FWIW, me being unfamiliar with “immutable distro” + “toolbox” + “rpmbuild”, I am concerned about friction. I am totally fine with the concepts and ideas in general, and have successfully built / used custom mesa builds on Microsoft WSL2 once upon a time.

The code change to libdrm seems to expose a challenge in general distro system setup. The flamegraphs below show

  • left side == “good”
  • right side == “bad”

Key insight: in the bad situation, notice the call stack full of “nft_ct_pcpu_template” (nft_ct.c - net/netfilter/nft_ct.c - Linux source code (v6.5.11) - Bootlin) where-as none of that is present in the good state.

Hypothesis: the code change to libdrm causes the “network synchronization primitive” code path to be hit more frequently; that introduces a lot of latency.

Why is the network synchronization primitive being hit at all? (F38 goes 0.8 secs to 3 secs) And is that also the root cause for the pre-existing performance difference between Archlinux and F38? (Archlinux == 0.03 secs, F38 == 0.8 secs)

2 Likes

libdrm sits between the X server and the kernel. X clients communicate with the X server via a socket. This is part of the communication:

writev@SYS(3, 0x7fffcc34a080, 1)                                                                          = 12 <0.000057>
poll@SYS(0x7fffcc349fe8, 1, -1)                                                                           = 1 <2.529654>

Effectively, the X client makes a request on file descriptor 3 (which happens to be the X socket) and blocks, waiting for a response. That response (above) arrives 2.5 seconds later.

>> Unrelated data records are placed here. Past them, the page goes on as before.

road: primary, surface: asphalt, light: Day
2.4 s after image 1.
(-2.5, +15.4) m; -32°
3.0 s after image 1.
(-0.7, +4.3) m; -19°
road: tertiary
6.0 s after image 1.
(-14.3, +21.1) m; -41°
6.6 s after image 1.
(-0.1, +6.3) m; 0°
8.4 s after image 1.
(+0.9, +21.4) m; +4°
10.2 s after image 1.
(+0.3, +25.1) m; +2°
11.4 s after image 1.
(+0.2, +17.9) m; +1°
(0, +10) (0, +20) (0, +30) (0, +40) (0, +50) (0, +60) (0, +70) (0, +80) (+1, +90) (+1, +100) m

Nicer rendition from strace with parameter resolution:

writev(3, [{iov_base="\226\1\3\0\343\4\0\0\0\0\0\0", iov_len=12}], 1) = 12 <0.000>
poll([{fd=3, events=POLLIN}], 1, -1) = 1 ([{fd=3, revents=POLLIN}]) <2.744>
recvmsg(3, {msg_name=NULL, msg_namelen=0, msg_iov=[{iov_base="\1\1\30\0\0\0\0\0\0\0\0\0\0\0\0\0\0\0\0\0\0\0\0\0\0\0\0\0\0\0\0\0", iov_len=4096}], msg_iovlen=1, msg_control=[{cmsg_len=20, cmsg_level=SOL_SOCKET, cmsg_type=SCM_RIGHTS, cmsg_data=[4]}], msg_controllen=24, msg_flags=0}, 0) = 32 <0.000>

That writev is the X protocol. I am unable to resolve what that is, as the tooling I have found did not work out on first sight.

How to debug that further?

Tracing the X server is challenging. Looking at the changes, I am quite keen on reverting that call to access, but I’d have to be able to build libdrm first, and then inject it into some recent plain Fedora (doesn’t have to be immutable).

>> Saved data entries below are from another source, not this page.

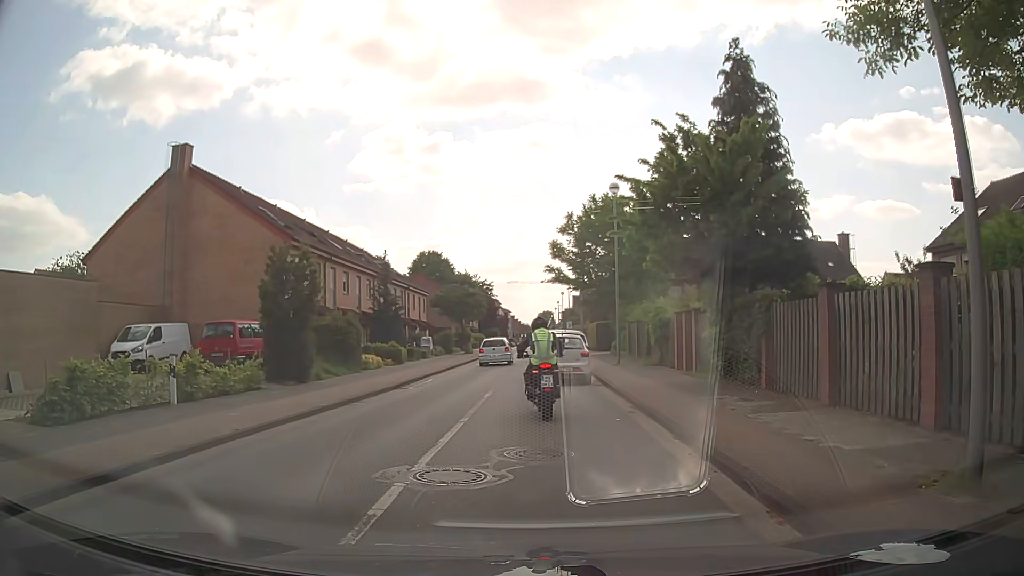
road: tertiary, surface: asphalt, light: Day
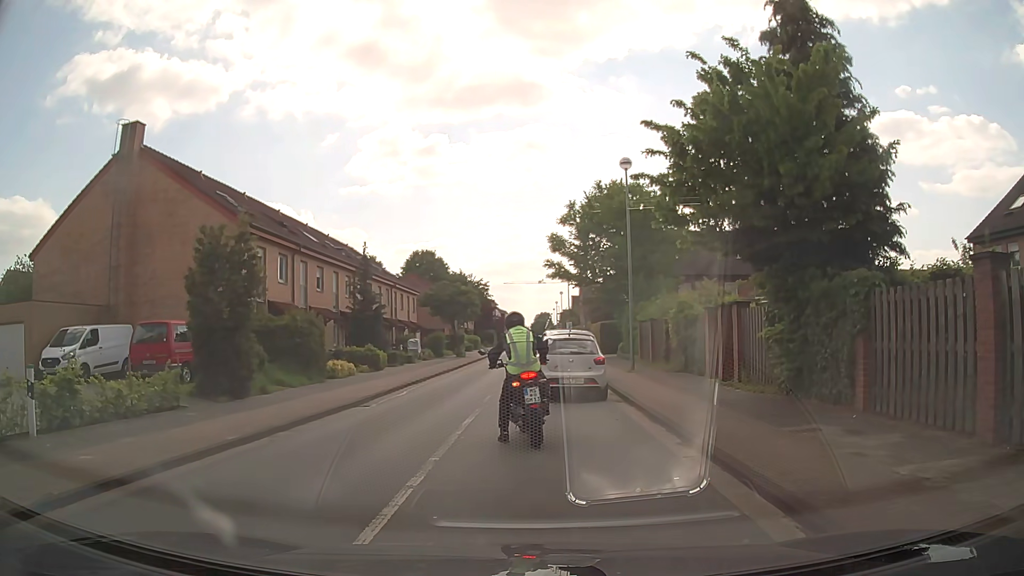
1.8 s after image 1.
(0.0, +4.5) m; -1°
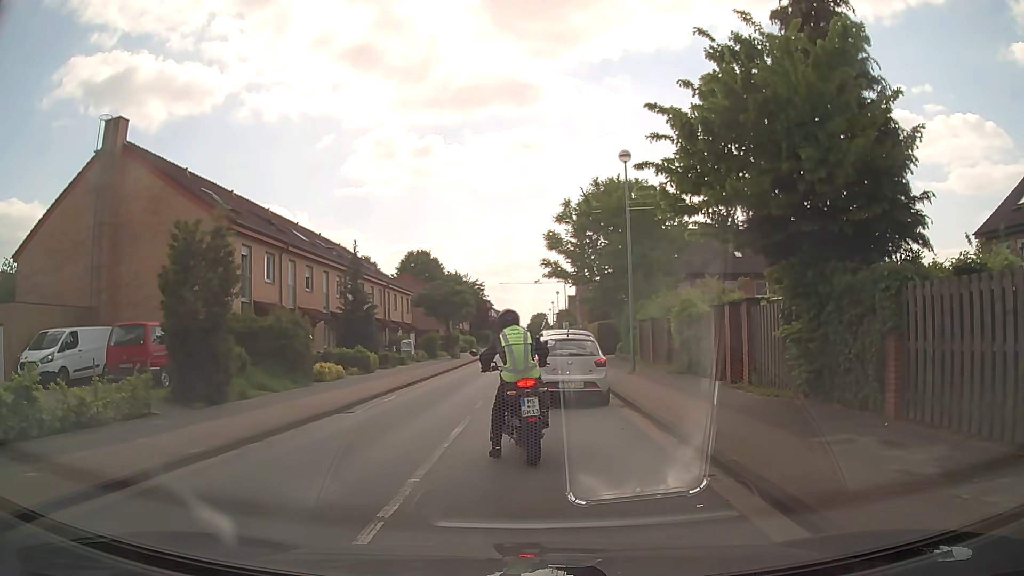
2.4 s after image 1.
(0.0, +1.0) m; -1°
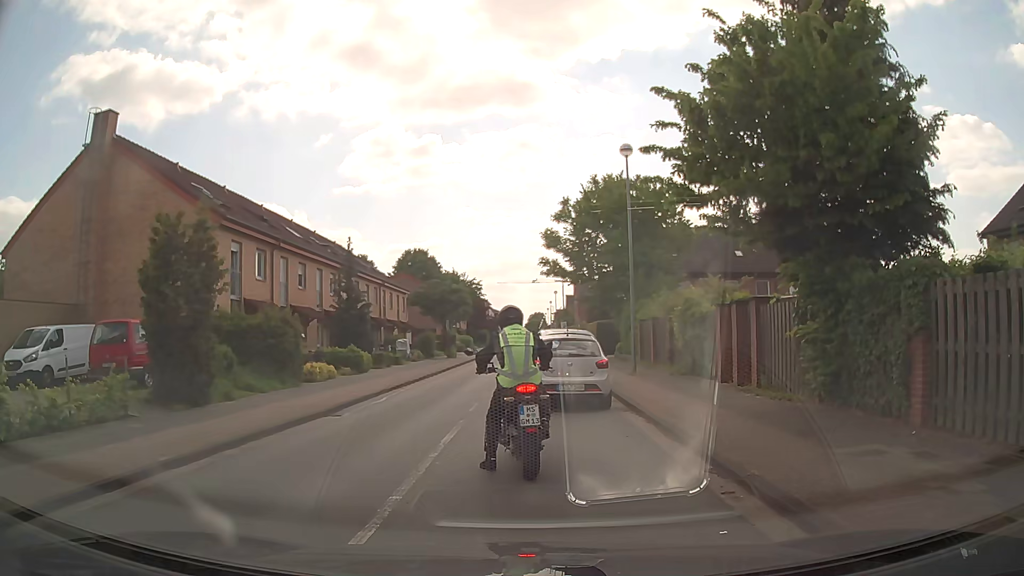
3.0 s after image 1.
(0.0, +0.8) m; +1°
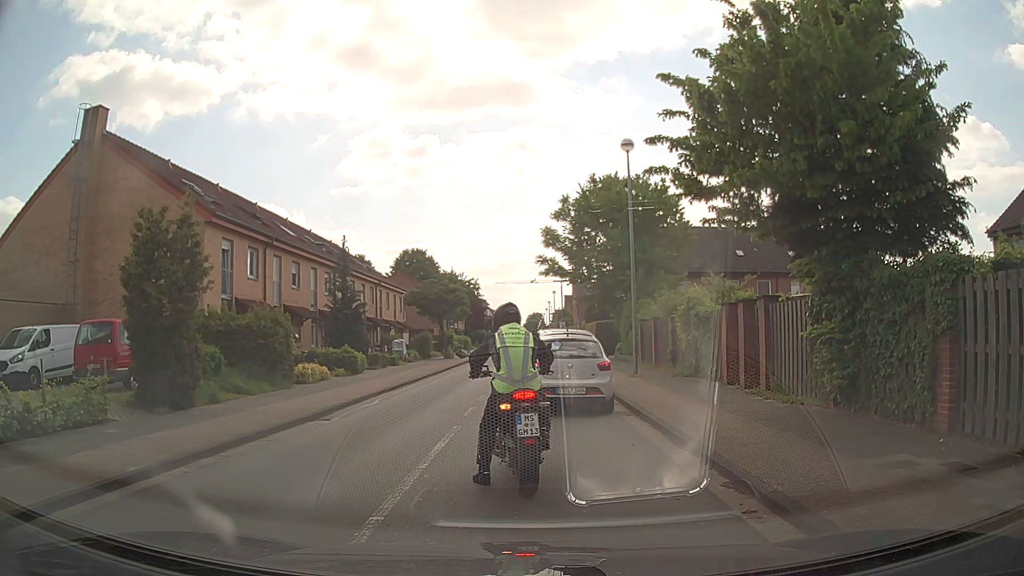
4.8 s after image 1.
(0.0, +0.7) m; 0°
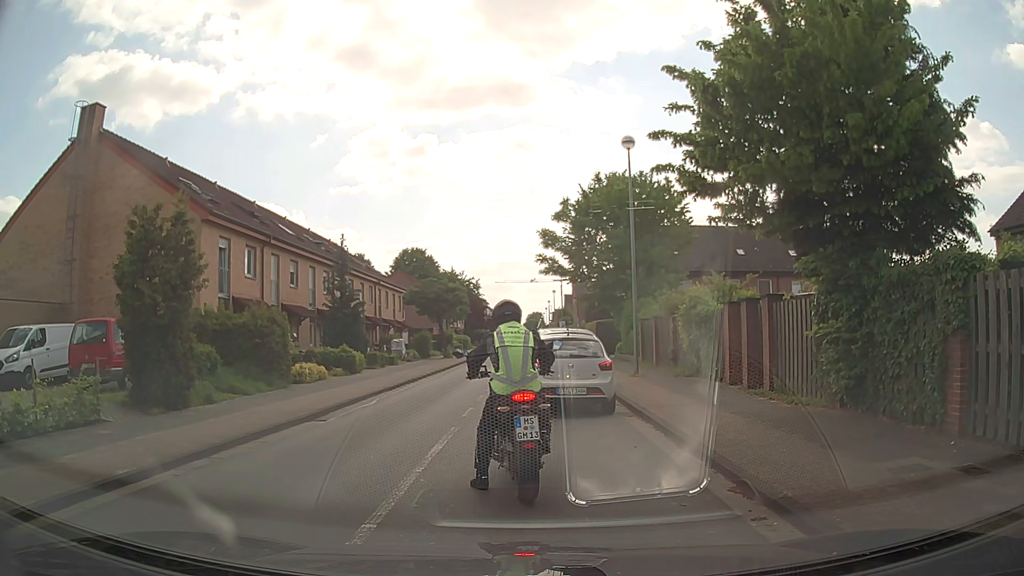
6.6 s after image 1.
(0.0, +0.3) m; 0°
(-1, +10) (-2, +20) (-2, +30) (-2, +40) (-1, +50) (0, +60) (+1, +70) (+1, +80) (+2, +90) (+2, +100) m

How to Easily Patch Fedora Packages | Dan Aloni and Package Maintenance Guide :: Fedora Docs (fedoraproject.org) look like rather useful instructions?

You can use Fedora Workstation to reproduce the issue and verify that it disappears after downgrading the relevant package, then report a regression in that package on the bug tracker and contact the maintainer or open a PR reverting the change that causes the problem.

Good point: 2249838 – Regression performance VMware Workstation X11

Root-caused to a single line change, increasing DRM_MAX_MINOR (see Bugzilla at 2249838 – Regression performance VMware Workstation X11 for relevant commit and patch)

But, seriously, that only makes Fedora performance tolerable again; Archlinux works fine with that change, so that change actually hits a Fedora weakness elsewhere. I am unable to identify for lack of background knowledge in what is different between Archlinux and Fedora.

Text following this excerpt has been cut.